The second deadline of May 12 fixed for the restoration of the deposed judges is unlikely to be met in the absence of a consensus on the modus operandi of their reinstatement.
Background discussions with some members of a broad-based committee of representatives of the two main coalition partners, the Pakistan People’s Party (PPP) and the Pakistan Muslim League (PML-N), and constitutional experts holding divergent views indicated that the final resolution of the crucial judges issue was expected to drag on further.
They say there is no harm in going beyond the cut-off date that PML-N Quaid Nawaz Sharif had announced, saying PPP Co-chairman Asif Zardari also agreed with it after their Dubai talks, if the coalition is to be kept intact.

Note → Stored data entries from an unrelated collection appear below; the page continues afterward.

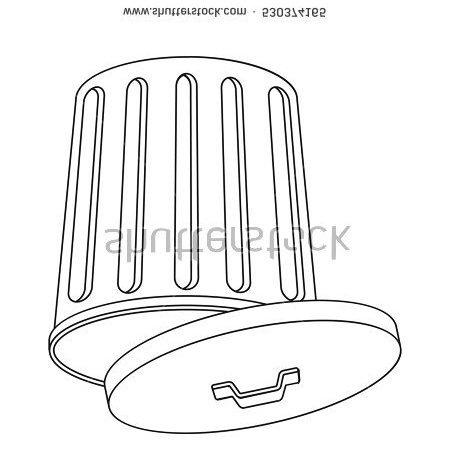
Label: ashcan, trash can, garbage can, wastebin, ash bin, ash-bin, ashbin, dustbin, trash barrel, trash bin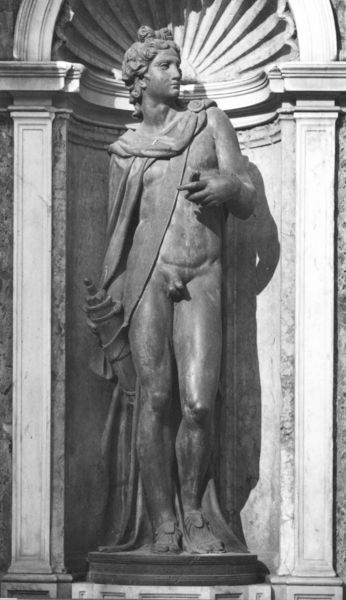
Titel: Apoll
Künstler: Jacopo Sansovino
Standort: Venedig, Piazza di S. Marco, Loggetta del Campanile (EU - I - Venetien)
Schlagwörter: akt, hand, kopf, körper, mann, nackt, umhang, marmor, nase, säule, blick, gebäude, tuch, arm, sockel, stehen, stein, figur, haare, stehend, schulter, skulptur, statue, bogen, bildhauerei, halbnackt, kontrapost, junge, geschlecht, knie, geneigt, foto, penis, nische, knabe, rolle, jüngling, toga, schriftrolle, tempel, muschel, apoll, bildhauer, faszien, skultpur, weisheit, klugheit, schniedel, nicshe
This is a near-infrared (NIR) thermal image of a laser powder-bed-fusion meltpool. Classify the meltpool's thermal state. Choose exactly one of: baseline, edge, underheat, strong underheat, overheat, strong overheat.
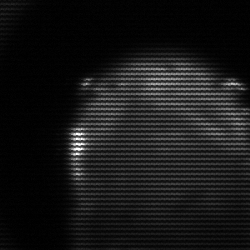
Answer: edge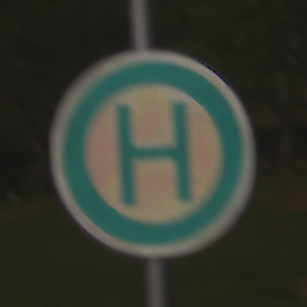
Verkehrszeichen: Haltestelle
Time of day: Night
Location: Outdoor (Nature)
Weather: Clear
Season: NotSpecified
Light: Natural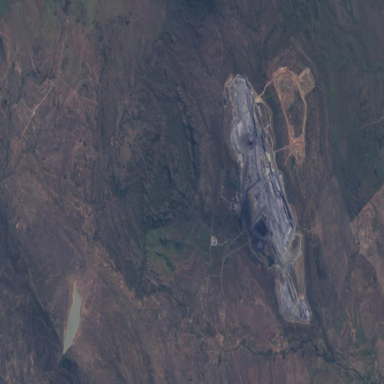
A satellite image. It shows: Industrial area used for mining operations.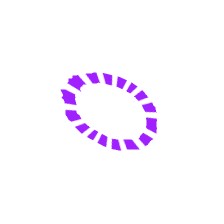
Shape: circle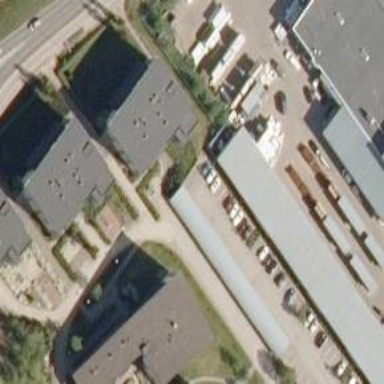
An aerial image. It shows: Carport structure.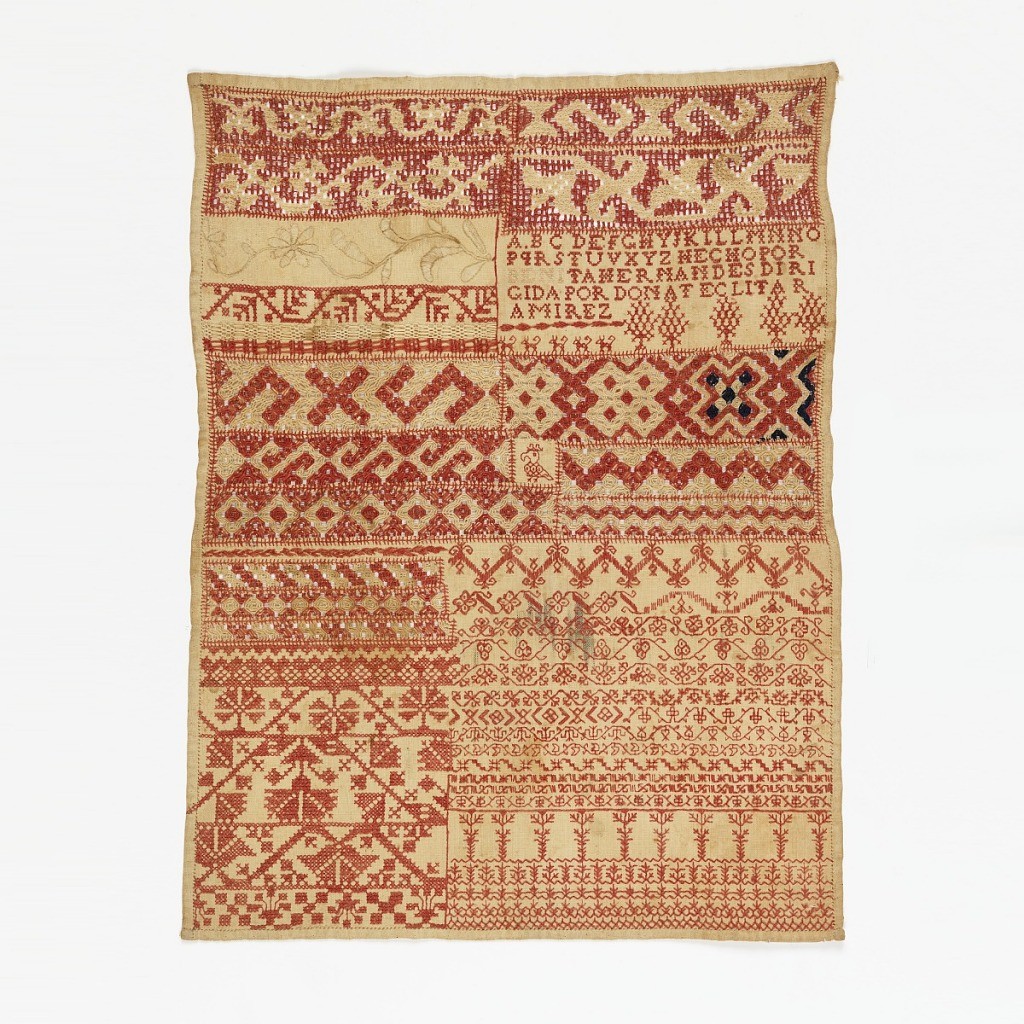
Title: Sampler
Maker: Benita Hernandes
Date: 19th century
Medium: cotton embroidery on linen foundation Technique: drawnwork stitches, whipped bars, aztec, loop, counted satin, cross, and double running stitches on plain weave
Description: Geometric and floral patterns in cross borders; also birds, animals, alphabet and inscription: made by Benita Hernandes under the direction of Dona Eclita Ramirez. Hemstitched on four sides.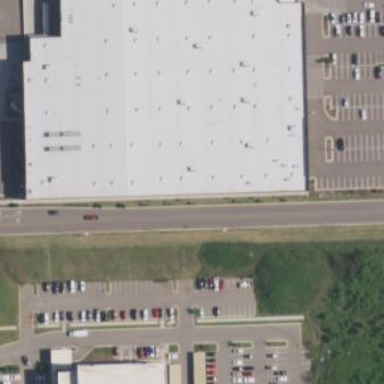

According to these committee members, the sticking point continues to remain the same that had been stalling the restoration of the sacked justices — the mode of bringing them back either through a mere resolution passed by the National Assembly or through supplementary laws to be enacted after its approval. “If the deadline misses once again, as indications are it will, the PML-N will publicly grudge but would take solace in the fact that it is gaining politically,” one committee member remarked.
He said notwithstanding its open threats to walk out of the coalition if the judges weren’t reinstated the PML-N was unlikely to go for the overkill, emasculating the ruling alliance, as it realised that such a consequence would strengthen and empower none but its archrival, President Pervez Musharraf.
Zardari is likely to fly back home some time next week while the deadline expires on Monday. Nawaz Sharif is expected to return to Pakistan in the next couple of days. The PPP’s view is that the PML-N would not rock the coalition. However, informed PML-N leaders say their party would leave the alliance by the end of the current month but would not rescind its support to the federal government. They are fearful that if they totally de-link their party from the PPP, the leading Musharraf ally, the PML-Q, would get an opportunity to cash in on the situation.
The perception that inclusion of Barrister Abdul Hafiz Pirzada in the committee from nowhere was meant to give representation to Musharraf in it proved correct. Pirzada, who had been saying from day one that the sacked judges could not be restored through an executive order issued on the force of the National Assembly resolution, stuck to his views in the committee. Combined with his opinion was the similar PPP view that led to the lack of consensus in the body, necessitating the referral of the matter to Zardari and Nawaz Sharif once again.
Senior lawyers and their leaders are of the opinion that legally speaking, drafting of the resolution was not a complex matter that would require weeks on end. They feel that it can be prepared in just a few minutes if there is will to resolve the issue without any further delay.
There is a strong view in a section of public circles that the prolongation of the issue is like the American acting as “good cop, bad cop”. They believe that because of the persistence of the judicial crisis one side was gaining while the other was losing politically.
While Nawaz Sharif has summoned his top negotiators, Shahbaz Sharif and Khwaja Asif, to London for another critical round of talks with Zardari, the PPP leader has taken along Rehman Malik, Adviser to the Prime Minister on Interior, who was under tremendous pressure in Pakistan for his role in the scandalous postponement of the by-elections. Malik has also been almost number one PPP interlocutor in the talks with the PML-N for the reinstatement of the deposed judges.
As the PPP-PML-N dialogue on the judges’ reinstatement has been on the bumpy road, Zardari has firmly been on a course of building bridges even with the PPP’s one-time political adversaries like the Muttahida Qaumi Movement (MQM) that Nawaz Sharif detests.
One of the main objectives of the PPP chief’s dash to London is to hold a rare meeting with Altaf Hussain. The MQM’s opinion on the judges issue is the same as that of the PPP and its allies including the Awami National Party and the Jamiat Ulema-e-Islam. Only the PML-N holds the opposite view.